I take Ronnie’s hand and hold it tight. We leave the room and walk hand in hand towards where she thinks the screaming came from. At the end of the corridor, we find a smaller room.

‘In the middle of the night,’ Ronnie speaks barely above a whisper, ‘they came in masks and made me undress and put on a white gown. Then they brought me down here. I had to sit on a chair in there.’

Ronnie guides me through to the next room, a long, oblong space that resembles a laboratory. Or a place where autopsies are performed. Sinks line the walls and in the middle of the room is a raised slab that looks as if it might once have been the final resting place for a corpse. The surfaces are all a clinical white. Antiseptic evil, that’s the stink in here, a harsh abrasive that fails to scrub away nightmares.

Through the touch of our hands, I can feel Ronnie wants to run. I do too.

‘What happened here?’

She tells me. ‘I was waiting next door, I sensed something bad was going on in here and I took my chance to escape. I found the back entrance, scarpered across the courtyard outside, climbed on a bin and over the wall I went. I landed on the other side and ran. A couple of minutes later guys with dogs were chasing me.’

I shudder with horror at the picture she paints. I see a young Ronnie lit up by flashing lights, large dogs behind her. Running, breathing fast, the awful fear of whether she was going to escape. The baying and sharp-toothed dogs getting ever closer.

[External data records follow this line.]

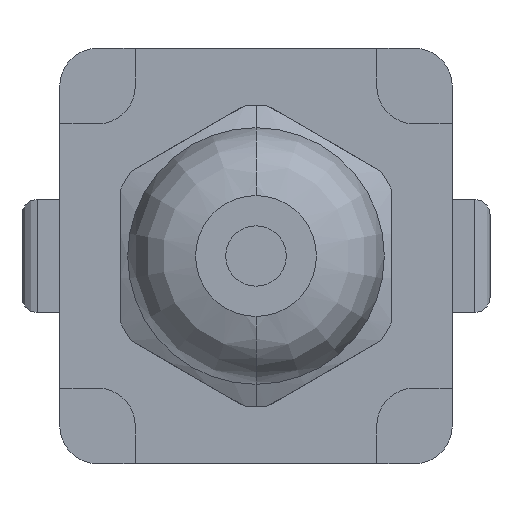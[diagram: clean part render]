
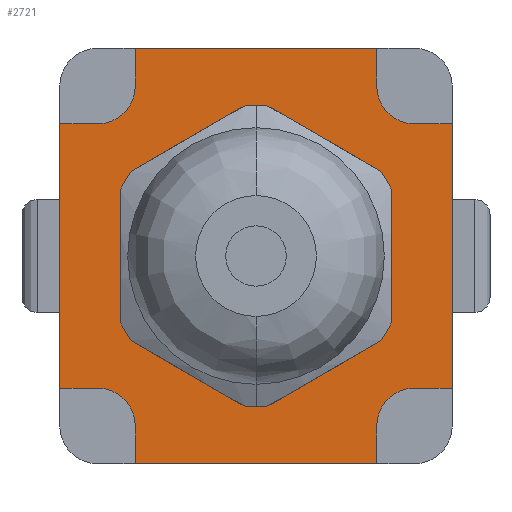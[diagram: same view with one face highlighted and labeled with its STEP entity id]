
A CAD part, front view. The second image highlights one B-rep face of the part: STEP entity #2721.
In plain terms, the highlighted planar face has unit normal (0, -1, 0).
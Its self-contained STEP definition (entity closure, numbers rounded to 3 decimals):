
#597=CARTESIAN_POINT('',(0.,-1910.,-27.5));
#598=DIRECTION('',(0.,1.,0.));
#599=DIRECTION('',(0.,0.,1.));
#600=AXIS2_PLACEMENT_3D('',#597,#598,#599);
#605=CARTESIAN_POINT('',(0.,-1910.,-27.5));
#606=DIRECTION('',(0.,1.,0.));
#607=DIRECTION('',(0.,0.,-1.));
#608=AXIS2_PLACEMENT_3D('',#605,#606,#607);
#613=DIRECTION('',(0.,0.,1.));
#614=VECTOR('',#613,5.);
#615=CARTESIAN_POINT('',(-16.,-1910.,-55.));
#616=LINE('',#615,#614);
#620=CARTESIAN_POINT('',(-21.,-1910.,-50.));
#621=DIRECTION('',(0.,-1.,0.));
#622=DIRECTION('',(1.,0.,0.));
#623=AXIS2_PLACEMENT_3D('',#620,#621,#622);
#628=DIRECTION('',(1.,0.,0.));
#629=VECTOR('',#628,5.);
#630=CARTESIAN_POINT('',(-26.,-1910.,-45.));
#631=LINE('',#630,#629);
#635=DIRECTION('',(0.,0.,1.));
#636=VECTOR('',#635,35.);
#637=CARTESIAN_POINT('',(-26.,-1910.,-45.));
#638=LINE('',#637,#636);
#642=DIRECTION('',(1.,0.,0.));
#643=VECTOR('',#642,5.);
#644=CARTESIAN_POINT('',(-26.,-1910.,-10.));
#645=LINE('',#644,#643);
#649=CARTESIAN_POINT('',(-21.,-1910.,-5.));
#650=DIRECTION('',(0.,-1.,0.));
#651=DIRECTION('',(0.,0.,-1.));
#652=AXIS2_PLACEMENT_3D('',#649,#650,#651);
#657=DIRECTION('',(0.,0.,-1.));
#658=VECTOR('',#657,5.);
#659=CARTESIAN_POINT('',(-16.,-1910.,0.));
#660=LINE('',#659,#658);
#664=DIRECTION('',(1.,0.,0.));
#665=VECTOR('',#664,32.);
#666=CARTESIAN_POINT('',(-16.,-1910.,0.));
#667=LINE('',#666,#665);
#671=DIRECTION('',(0.,0.,-1.));
#672=VECTOR('',#671,5.);
#673=CARTESIAN_POINT('',(16.,-1910.,0.));
#674=LINE('',#673,#672);
#678=CARTESIAN_POINT('',(21.,-1910.,-5.));
#679=DIRECTION('',(0.,-1.,0.));
#680=DIRECTION('',(-1.,0.,0.));
#681=AXIS2_PLACEMENT_3D('',#678,#679,#680);
#686=DIRECTION('',(-1.,0.,0.));
#687=VECTOR('',#686,5.);
#688=CARTESIAN_POINT('',(26.,-1910.,-10.));
#689=LINE('',#688,#687);
#693=DIRECTION('',(0.,0.,-1.));
#694=VECTOR('',#693,35.);
#695=CARTESIAN_POINT('',(26.,-1910.,-10.));
#696=LINE('',#695,#694);
#700=DIRECTION('',(-1.,0.,0.));
#701=VECTOR('',#700,5.);
#702=CARTESIAN_POINT('',(26.,-1910.,-45.));
#703=LINE('',#702,#701);
#707=CARTESIAN_POINT('',(21.,-1910.,-50.));
#708=DIRECTION('',(0.,-1.,0.));
#709=DIRECTION('',(0.,0.,1.));
#710=AXIS2_PLACEMENT_3D('',#707,#708,#709);
#715=DIRECTION('',(0.,0.,1.));
#716=VECTOR('',#715,5.);
#717=CARTESIAN_POINT('',(16.,-1910.,-55.));
#718=LINE('',#717,#716);
#722=DIRECTION('',(-1.,0.,0.));
#723=VECTOR('',#722,32.);
#724=CARTESIAN_POINT('',(16.,-1910.,-55.));
#725=LINE('',#724,#723);
#1981=CARTESIAN_POINT('',(0.,-1910.,-9.5));
#1982=CARTESIAN_POINT('',(0.,-1910.,-45.5));
#1983=VERTEX_POINT('',#1981);
#1984=VERTEX_POINT('',#1982);
#2117=CARTESIAN_POINT('',(-16.,-1910.,-55.));
#2118=CARTESIAN_POINT('',(-16.,-1910.,-50.));
#2119=VERTEX_POINT('',#2117);
#2120=VERTEX_POINT('',#2118);
#2121=CARTESIAN_POINT('',(-21.,-1910.,-45.));
#2122=VERTEX_POINT('',#2121);
#2123=CARTESIAN_POINT('',(-26.,-1910.,-45.));
#2124=VERTEX_POINT('',#2123);
#2137=CARTESIAN_POINT('',(-26.,-1910.,-10.));
#2138=VERTEX_POINT('',#2137);
#2139=CARTESIAN_POINT('',(16.,-1910.,-55.));
#2140=VERTEX_POINT('',#2139);
#2153=CARTESIAN_POINT('',(26.,-1910.,-45.));
#2154=CARTESIAN_POINT('',(21.,-1910.,-45.));
#2155=VERTEX_POINT('',#2153);
#2156=VERTEX_POINT('',#2154);
#2157=CARTESIAN_POINT('',(16.,-1910.,-50.));
#2158=VERTEX_POINT('',#2157);
#2159=CARTESIAN_POINT('',(-21.,-1910.,-10.));
#2160=VERTEX_POINT('',#2159);
#2161=CARTESIAN_POINT('',(-16.,-1910.,-5.));
#2162=VERTEX_POINT('',#2161);
#2163=CARTESIAN_POINT('',(-16.,-1910.,0.));
#2164=VERTEX_POINT('',#2163);
#2165=CARTESIAN_POINT('',(16.,-1910.,0.));
#2166=CARTESIAN_POINT('',(16.,-1910.,-5.));
#2167=VERTEX_POINT('',#2165);
#2168=VERTEX_POINT('',#2166);
#2169=CARTESIAN_POINT('',(21.,-1910.,-10.));
#2170=VERTEX_POINT('',#2169);
#2171=CARTESIAN_POINT('',(26.,-1910.,-10.));
#2172=VERTEX_POINT('',#2171);
#2680=CARTESIAN_POINT('',(0.,-1910.,0.));
#2681=DIRECTION('',(0.,1.,0.));
#2682=DIRECTION('',(1.,0.,0.));
#2683=AXIS2_PLACEMENT_3D('',#2680,#2681,#2682);
#2684=PLANE('',#2683);
#2686=ORIENTED_EDGE('',*,*,#2685,.T.);
#2688=ORIENTED_EDGE('',*,*,#2687,.T.);
#2690=ORIENTED_EDGE('',*,*,#2689,.F.);
#2691=ORIENTED_EDGE('',*,*,#2517,.T.);
#2693=ORIENTED_EDGE('',*,*,#2692,.T.);
#2695=ORIENTED_EDGE('',*,*,#2694,.T.);
#2697=ORIENTED_EDGE('',*,*,#2696,.F.);
#2698=ORIENTED_EDGE('',*,*,#2647,.T.);
#2699=ORIENTED_EDGE('',*,*,#2671,.T.);
#2701=ORIENTED_EDGE('',*,*,#2700,.T.);
#2703=ORIENTED_EDGE('',*,*,#2702,.F.);
#2704=ORIENTED_EDGE('',*,*,#2375,.T.);
#2706=ORIENTED_EDGE('',*,*,#2705,.T.);
#2708=ORIENTED_EDGE('',*,*,#2707,.T.);
#2710=ORIENTED_EDGE('',*,*,#2709,.F.);
#2712=ORIENTED_EDGE('',*,*,#2711,.T.);
#2713=EDGE_LOOP('',(#2686,#2688,#2690,#2691,#2693,#2695,#2697,#2698,#2699,#2701,
#2703,#2704,#2706,#2708,#2710,#2712));
#2714=FACE_OUTER_BOUND('',#2713,.F.);
#2716=ORIENTED_EDGE('',*,*,#2715,.F.);
#2718=ORIENTED_EDGE('',*,*,#2717,.F.);
#2719=EDGE_LOOP('',(#2716,#2718));
#2720=FACE_BOUND('',#2719,.F.);
#2721=ADVANCED_FACE('',(#2714,#2720),#2684,.F.);
#601=CIRCLE('',#600,18.);
#609=CIRCLE('',#608,18.);
#624=CIRCLE('',#623,5.);
#653=CIRCLE('',#652,5.);
#682=CIRCLE('',#681,5.);
#711=CIRCLE('',#710,5.);
#2375=EDGE_CURVE('',#2172,#2155,#696,.T.);
#2517=EDGE_CURVE('',#2124,#2138,#638,.T.);
#2647=EDGE_CURVE('',#2164,#2167,#667,.T.);
#2671=EDGE_CURVE('',#2167,#2168,#674,.T.);
#2685=EDGE_CURVE('',#2119,#2120,#616,.T.);
#2687=EDGE_CURVE('',#2120,#2122,#624,.T.);
#2689=EDGE_CURVE('',#2124,#2122,#631,.T.);
#2692=EDGE_CURVE('',#2138,#2160,#645,.T.);
#2694=EDGE_CURVE('',#2160,#2162,#653,.T.);
#2696=EDGE_CURVE('',#2164,#2162,#660,.T.);
#2700=EDGE_CURVE('',#2168,#2170,#682,.T.);
#2702=EDGE_CURVE('',#2172,#2170,#689,.T.);
#2705=EDGE_CURVE('',#2155,#2156,#703,.T.);
#2707=EDGE_CURVE('',#2156,#2158,#711,.T.);
#2709=EDGE_CURVE('',#2140,#2158,#718,.T.);
#2711=EDGE_CURVE('',#2140,#2119,#725,.T.);
#2715=EDGE_CURVE('',#1983,#1984,#601,.T.);
#2717=EDGE_CURVE('',#1984,#1983,#609,.T.);

‘I kept going and didn’t stop. The next couple of days, I ran by night and hid by day until I came to a motorway. I followed it to a service station. In my tattered white gown, I hitched to the next city and let it swallow me up.’

We stand in silence for a moment. It feels like mourning. Ronnie has had enough and leads me outside, and that’s when we hear the panting, huffing breathing behind us. We stare at each other, frozen.

It’s me that turns around. I sag in relief; it is a dog, but it pads towards us in the rhythm of a bored animal pleased to find a distraction. He half-heartedly barks at us.

A security guard appears. ‘Would you ladies like to tell me what you’re doing here? This is private property and you’re trespassing. I suppose it’s drugs, is it? You’ll have to come with me.’

I planned for the possibility of a security guard along with my crowbar. ‘Trespassing? Drugs? I’m a doctor at the hospital.’